SOURCE MATERIAL: Begin

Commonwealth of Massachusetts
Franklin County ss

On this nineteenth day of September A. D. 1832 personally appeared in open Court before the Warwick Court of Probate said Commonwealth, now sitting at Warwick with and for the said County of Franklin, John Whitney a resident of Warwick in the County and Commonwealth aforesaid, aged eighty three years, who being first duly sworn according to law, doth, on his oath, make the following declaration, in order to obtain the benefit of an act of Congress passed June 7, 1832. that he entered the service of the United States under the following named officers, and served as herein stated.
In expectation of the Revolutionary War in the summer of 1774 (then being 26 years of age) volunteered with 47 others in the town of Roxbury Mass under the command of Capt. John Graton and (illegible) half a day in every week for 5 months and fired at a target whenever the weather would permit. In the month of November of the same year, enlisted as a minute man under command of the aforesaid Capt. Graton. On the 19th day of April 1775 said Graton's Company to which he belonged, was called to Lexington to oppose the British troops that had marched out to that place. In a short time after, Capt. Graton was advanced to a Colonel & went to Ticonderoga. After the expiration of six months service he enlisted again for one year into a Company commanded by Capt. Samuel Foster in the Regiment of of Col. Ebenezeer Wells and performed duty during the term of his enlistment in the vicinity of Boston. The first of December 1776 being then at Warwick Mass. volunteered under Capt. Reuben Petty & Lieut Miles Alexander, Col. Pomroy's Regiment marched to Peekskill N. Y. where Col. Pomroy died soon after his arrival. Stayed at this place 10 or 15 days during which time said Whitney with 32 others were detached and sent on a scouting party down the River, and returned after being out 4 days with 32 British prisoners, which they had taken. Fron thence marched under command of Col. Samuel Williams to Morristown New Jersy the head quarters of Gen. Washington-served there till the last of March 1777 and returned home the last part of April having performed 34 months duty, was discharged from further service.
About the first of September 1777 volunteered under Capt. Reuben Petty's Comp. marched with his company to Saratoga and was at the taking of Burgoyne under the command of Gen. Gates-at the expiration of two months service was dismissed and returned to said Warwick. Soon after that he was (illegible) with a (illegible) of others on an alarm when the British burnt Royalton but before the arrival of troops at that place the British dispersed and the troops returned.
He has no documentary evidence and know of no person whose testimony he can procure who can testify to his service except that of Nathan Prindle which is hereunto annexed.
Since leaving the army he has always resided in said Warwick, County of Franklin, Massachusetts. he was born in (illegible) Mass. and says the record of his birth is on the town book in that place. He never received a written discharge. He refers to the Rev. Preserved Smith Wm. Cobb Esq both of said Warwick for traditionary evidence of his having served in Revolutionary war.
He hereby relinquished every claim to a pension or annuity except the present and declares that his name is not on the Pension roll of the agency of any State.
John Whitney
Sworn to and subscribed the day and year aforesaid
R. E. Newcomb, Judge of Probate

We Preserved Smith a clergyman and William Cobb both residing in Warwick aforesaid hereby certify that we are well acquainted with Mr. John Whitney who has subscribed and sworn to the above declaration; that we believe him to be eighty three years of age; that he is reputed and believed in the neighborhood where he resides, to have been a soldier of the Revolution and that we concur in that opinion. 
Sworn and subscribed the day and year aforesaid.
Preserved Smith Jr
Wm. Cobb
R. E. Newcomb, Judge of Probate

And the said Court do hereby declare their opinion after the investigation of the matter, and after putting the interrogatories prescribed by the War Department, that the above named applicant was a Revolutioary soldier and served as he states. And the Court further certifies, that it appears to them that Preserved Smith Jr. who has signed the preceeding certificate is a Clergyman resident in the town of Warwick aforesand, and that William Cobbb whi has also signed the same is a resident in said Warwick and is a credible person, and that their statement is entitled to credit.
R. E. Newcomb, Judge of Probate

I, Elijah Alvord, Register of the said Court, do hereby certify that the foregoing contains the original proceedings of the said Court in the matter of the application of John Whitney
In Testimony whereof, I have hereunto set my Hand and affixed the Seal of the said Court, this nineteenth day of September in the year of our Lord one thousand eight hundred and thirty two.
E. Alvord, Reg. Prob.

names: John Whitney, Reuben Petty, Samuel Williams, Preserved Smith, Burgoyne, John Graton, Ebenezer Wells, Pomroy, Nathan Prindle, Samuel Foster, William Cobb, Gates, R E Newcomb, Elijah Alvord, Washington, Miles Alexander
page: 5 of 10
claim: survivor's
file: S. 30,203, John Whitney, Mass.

SOURCE MATERIAL: End

* _INSTRUCTIONS TO FOLLOW_: From the data above, copy each line that holds "Elijah".

* _ANSWER AREA_:
I, Elijah Alvord, Register of the said Court, do hereby certify that the foregoing contains the original proceedings of the said Court in the matter of the application of John Whitney
names: John Whitney, Reuben Petty, Samuel Williams, Preserved Smith, Burgoyne, John Graton, Ebenezer Wells, Pomroy, Nathan Prindle, Samuel Foster, William Cobb, Gates, R E Newcomb, Elijah Alvord, Washington, Miles Alexander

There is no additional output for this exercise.